■ **TASK PROMPT**
Nothing in the listing may be skipped; transcribe all of it as written.

■ **RECORDS SHOWN**
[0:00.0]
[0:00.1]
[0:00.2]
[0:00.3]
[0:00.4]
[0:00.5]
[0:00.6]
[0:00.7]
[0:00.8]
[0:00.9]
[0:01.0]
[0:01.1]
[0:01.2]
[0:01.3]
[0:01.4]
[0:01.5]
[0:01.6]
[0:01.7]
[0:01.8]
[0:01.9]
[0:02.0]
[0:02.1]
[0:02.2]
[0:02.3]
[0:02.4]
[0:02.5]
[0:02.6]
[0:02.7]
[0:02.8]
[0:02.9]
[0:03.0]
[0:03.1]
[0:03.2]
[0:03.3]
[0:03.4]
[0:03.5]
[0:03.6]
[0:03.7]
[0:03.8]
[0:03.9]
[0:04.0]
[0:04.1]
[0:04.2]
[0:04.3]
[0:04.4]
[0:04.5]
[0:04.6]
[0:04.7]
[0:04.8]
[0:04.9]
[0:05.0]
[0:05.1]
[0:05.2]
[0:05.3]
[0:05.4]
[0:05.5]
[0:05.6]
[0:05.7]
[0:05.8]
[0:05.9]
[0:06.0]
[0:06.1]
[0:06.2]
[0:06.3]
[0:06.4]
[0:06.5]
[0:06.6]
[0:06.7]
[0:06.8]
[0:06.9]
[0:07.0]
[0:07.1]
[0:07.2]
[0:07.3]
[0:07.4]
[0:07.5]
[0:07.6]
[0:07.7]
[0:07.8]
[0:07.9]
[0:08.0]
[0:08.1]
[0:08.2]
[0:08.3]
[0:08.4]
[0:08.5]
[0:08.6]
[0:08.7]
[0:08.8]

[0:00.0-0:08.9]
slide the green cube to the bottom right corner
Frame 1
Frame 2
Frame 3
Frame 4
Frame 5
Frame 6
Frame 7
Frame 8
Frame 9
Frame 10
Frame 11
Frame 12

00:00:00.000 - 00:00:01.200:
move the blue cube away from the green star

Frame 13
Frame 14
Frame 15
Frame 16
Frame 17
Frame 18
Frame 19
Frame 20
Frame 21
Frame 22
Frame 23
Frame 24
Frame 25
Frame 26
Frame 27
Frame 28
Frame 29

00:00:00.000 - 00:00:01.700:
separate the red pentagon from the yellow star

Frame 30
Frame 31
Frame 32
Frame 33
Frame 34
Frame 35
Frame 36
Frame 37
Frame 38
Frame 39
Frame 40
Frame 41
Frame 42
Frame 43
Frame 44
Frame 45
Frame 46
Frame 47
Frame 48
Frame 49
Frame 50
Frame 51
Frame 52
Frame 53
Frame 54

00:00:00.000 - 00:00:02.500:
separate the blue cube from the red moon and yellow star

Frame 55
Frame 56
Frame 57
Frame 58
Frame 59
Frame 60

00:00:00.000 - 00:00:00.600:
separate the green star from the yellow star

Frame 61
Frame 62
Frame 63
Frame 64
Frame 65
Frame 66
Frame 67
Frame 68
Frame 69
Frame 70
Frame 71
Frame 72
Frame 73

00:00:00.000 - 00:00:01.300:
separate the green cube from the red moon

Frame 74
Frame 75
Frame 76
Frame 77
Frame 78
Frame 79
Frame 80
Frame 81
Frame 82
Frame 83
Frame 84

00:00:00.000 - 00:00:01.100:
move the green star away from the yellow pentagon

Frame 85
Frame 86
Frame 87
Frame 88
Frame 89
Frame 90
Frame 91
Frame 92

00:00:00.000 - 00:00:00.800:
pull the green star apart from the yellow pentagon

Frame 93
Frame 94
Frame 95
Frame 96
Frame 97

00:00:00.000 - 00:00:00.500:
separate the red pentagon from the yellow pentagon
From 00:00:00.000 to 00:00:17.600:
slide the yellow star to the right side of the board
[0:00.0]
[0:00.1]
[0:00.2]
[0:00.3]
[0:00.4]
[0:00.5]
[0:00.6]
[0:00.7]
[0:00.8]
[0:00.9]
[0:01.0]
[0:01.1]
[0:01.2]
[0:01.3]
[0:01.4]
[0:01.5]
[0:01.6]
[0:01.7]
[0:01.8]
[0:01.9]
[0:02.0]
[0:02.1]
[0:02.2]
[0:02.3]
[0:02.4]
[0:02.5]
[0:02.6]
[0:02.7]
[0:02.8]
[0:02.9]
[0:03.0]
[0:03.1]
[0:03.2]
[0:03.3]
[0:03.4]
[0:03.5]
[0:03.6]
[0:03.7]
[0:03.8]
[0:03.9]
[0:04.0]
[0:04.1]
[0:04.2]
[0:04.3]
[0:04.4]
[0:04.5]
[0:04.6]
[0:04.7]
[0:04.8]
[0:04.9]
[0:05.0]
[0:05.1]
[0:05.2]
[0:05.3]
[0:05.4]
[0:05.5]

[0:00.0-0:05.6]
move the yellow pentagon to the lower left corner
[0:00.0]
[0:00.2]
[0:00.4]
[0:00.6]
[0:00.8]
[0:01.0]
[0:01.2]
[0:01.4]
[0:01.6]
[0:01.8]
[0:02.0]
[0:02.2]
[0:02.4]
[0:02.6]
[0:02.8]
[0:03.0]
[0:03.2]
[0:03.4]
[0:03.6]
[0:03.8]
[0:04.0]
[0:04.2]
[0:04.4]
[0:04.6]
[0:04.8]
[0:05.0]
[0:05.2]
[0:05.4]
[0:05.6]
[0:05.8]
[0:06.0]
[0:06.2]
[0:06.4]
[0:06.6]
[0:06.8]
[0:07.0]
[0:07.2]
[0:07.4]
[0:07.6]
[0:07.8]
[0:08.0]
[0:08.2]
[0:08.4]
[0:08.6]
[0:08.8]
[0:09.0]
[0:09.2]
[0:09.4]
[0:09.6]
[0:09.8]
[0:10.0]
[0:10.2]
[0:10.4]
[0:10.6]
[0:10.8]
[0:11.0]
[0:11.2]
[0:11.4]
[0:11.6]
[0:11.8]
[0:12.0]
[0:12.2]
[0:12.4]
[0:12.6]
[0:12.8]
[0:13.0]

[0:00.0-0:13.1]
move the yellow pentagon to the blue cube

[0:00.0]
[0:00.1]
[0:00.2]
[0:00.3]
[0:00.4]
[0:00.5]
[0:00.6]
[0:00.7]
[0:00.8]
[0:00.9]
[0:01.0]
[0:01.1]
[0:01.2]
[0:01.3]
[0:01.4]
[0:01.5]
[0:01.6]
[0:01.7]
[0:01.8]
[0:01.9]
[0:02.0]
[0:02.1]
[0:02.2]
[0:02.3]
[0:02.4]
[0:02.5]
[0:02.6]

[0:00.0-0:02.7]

■ **RESPONSE TO THIS EXERCISE**
[0:00.0]
[0:00.1]
[0:00.2]
[0:00.3]
[0:00.4]
[0:00.5]
[0:00.6]
[0:00.7]
[0:00.8]
[0:00.9]
[0:01.0]
[0:01.1]
[0:01.2]
[0:01.3]
[0:01.4]
[0:01.5]
[0:01.6]
[0:01.7]
[0:01.8]
[0:01.9]
[0:02.0]
[0:02.1]
[0:02.2]
[0:02.3]
[0:02.4]
[0:02.5]
[0:02.6]
[0:02.7]
[0:02.8]
[0:02.9]
[0:03.0]
[0:03.1]
[0:03.2]
[0:03.3]
[0:03.4]
[0:03.5]
[0:03.6]
[0:03.7]
[0:03.8]
[0:03.9]
[0:04.0]
[0:04.1]
[0:04.2]
[0:04.3]
[0:04.4]
[0:04.5]
[0:04.6]
[0:04.7]
[0:04.8]
[0:04.9]
[0:05.0]
[0:05.1]
[0:05.2]
[0:05.3]
[0:05.4]
[0:05.5]
[0:05.6]
[0:05.7]
[0:05.8]
[0:05.9]
[0:06.0]
[0:06.1]
[0:06.2]
[0:06.3]
[0:06.4]
[0:06.5]
[0:06.6]
[0:06.7]
[0:06.8]
[0:06.9]
[0:07.0]
[0:07.1]
[0:07.2]
[0:07.3]
[0:07.4]
[0:07.5]
[0:07.6]
[0:07.7]
[0:07.8]
[0:07.9]
[0:08.0]
[0:08.1]
[0:08.2]
[0:08.3]
[0:08.4]
[0:08.5]
[0:08.6]
[0:08.7]
[0:08.8]

[0:00.0-0:08.9]
slide the green cube to the bottom right corner
Frame 1
Frame 2
Frame 3
Frame 4
Frame 5
Frame 6
Frame 7
Frame 8
Frame 9
Frame 10
Frame 11
Frame 12

00:00:00.000 - 00:00:01.200:
move the blue cube away from the green star

Frame 13
Frame 14
Frame 15
Frame 16
Frame 17
Frame 18
Frame 19
Frame 20
Frame 21
Frame 22
Frame 23
Frame 24
Frame 25
Frame 26
Frame 27
Frame 28
Frame 29

00:00:00.000 - 00:00:01.700:
separate the red pentagon from the yellow star

Frame 30
Frame 31
Frame 32
Frame 33
Frame 34
Frame 35
Frame 36
Frame 37
Frame 38
Frame 39
Frame 40
Frame 41
Frame 42
Frame 43
Frame 44
Frame 45
Frame 46
Frame 47
Frame 48
Frame 49
Frame 50
Frame 51
Frame 52
Frame 53
Frame 54

00:00:00.000 - 00:00:02.500:
separate the blue cube from the red moon and yellow star

Frame 55
Frame 56
Frame 57
Frame 58
Frame 59
Frame 60

00:00:00.000 - 00:00:00.600:
separate the green star from the yellow star

Frame 61
Frame 62
Frame 63
Frame 64
Frame 65
Frame 66
Frame 67
Frame 68
Frame 69
Frame 70
Frame 71
Frame 72
Frame 73

00:00:00.000 - 00:00:01.300:
separate the green cube from the red moon

Frame 74
Frame 75
Frame 76
Frame 77
Frame 78
Frame 79
Frame 80
Frame 81
Frame 82
Frame 83
Frame 84

00:00:00.000 - 00:00:01.100:
move the green star away from the yellow pentagon

Frame 85
Frame 86
Frame 87
Frame 88
Frame 89
Frame 90
Frame 91
Frame 92

00:00:00.000 - 00:00:00.800:
pull the green star apart from the yellow pentagon

Frame 93
Frame 94
Frame 95
Frame 96
Frame 97

00:00:00.000 - 00:00:00.500:
separate the red pentagon from the yellow pentagon
From 00:00:00.000 to 00:00:17.600:
slide the yellow star to the right side of the board
[0:00.0]
[0:00.1]
[0:00.2]
[0:00.3]
[0:00.4]
[0:00.5]
[0:00.6]
[0:00.7]
[0:00.8]
[0:00.9]
[0:01.0]
[0:01.1]
[0:01.2]
[0:01.3]
[0:01.4]
[0:01.5]
[0:01.6]
[0:01.7]
[0:01.8]
[0:01.9]
[0:02.0]
[0:02.1]
[0:02.2]
[0:02.3]
[0:02.4]
[0:02.5]
[0:02.6]
[0:02.7]
[0:02.8]
[0:02.9]
[0:03.0]
[0:03.1]
[0:03.2]
[0:03.3]
[0:03.4]
[0:03.5]
[0:03.6]
[0:03.7]
[0:03.8]
[0:03.9]
[0:04.0]
[0:04.1]
[0:04.2]
[0:04.3]
[0:04.4]
[0:04.5]
[0:04.6]
[0:04.7]
[0:04.8]
[0:04.9]
[0:05.0]
[0:05.1]
[0:05.2]
[0:05.3]
[0:05.4]
[0:05.5]

[0:00.0-0:05.6]
move the yellow pentagon to the lower left corner
[0:00.0]
[0:00.2]
[0:00.4]
[0:00.6]
[0:00.8]
[0:01.0]
[0:01.2]
[0:01.4]
[0:01.6]
[0:01.8]
[0:02.0]
[0:02.2]
[0:02.4]
[0:02.6]
[0:02.8]
[0:03.0]
[0:03.2]
[0:03.4]
[0:03.6]
[0:03.8]
[0:04.0]
[0:04.2]
[0:04.4]
[0:04.6]
[0:04.8]
[0:05.0]
[0:05.2]
[0:05.4]
[0:05.6]
[0:05.8]
[0:06.0]
[0:06.2]
[0:06.4]
[0:06.6]
[0:06.8]
[0:07.0]
[0:07.2]
[0:07.4]
[0:07.6]
[0:07.8]
[0:08.0]
[0:08.2]
[0:08.4]
[0:08.6]
[0:08.8]
[0:09.0]
[0:09.2]
[0:09.4]
[0:09.6]
[0:09.8]
[0:10.0]
[0:10.2]
[0:10.4]
[0:10.6]
[0:10.8]
[0:11.0]
[0:11.2]
[0:11.4]
[0:11.6]
[0:11.8]
[0:12.0]
[0:12.2]
[0:12.4]
[0:12.6]
[0:12.8]
[0:13.0]

[0:00.0-0:13.1]
move the yellow pentagon to the blue cube

[0:00.0]
[0:00.1]
[0:00.2]
[0:00.3]
[0:00.4]
[0:00.5]
[0:00.6]
[0:00.7]
[0:00.8]
[0:00.9]
[0:01.0]
[0:01.1]
[0:01.2]
[0:01.3]
[0:01.4]
[0:01.5]
[0:01.6]
[0:01.7]
[0:01.8]
[0:01.9]
[0:02.0]
[0:02.1]
[0:02.2]
[0:02.3]
[0:02.4]
[0:02.5]
[0:02.6]

[0:00.0-0:02.7]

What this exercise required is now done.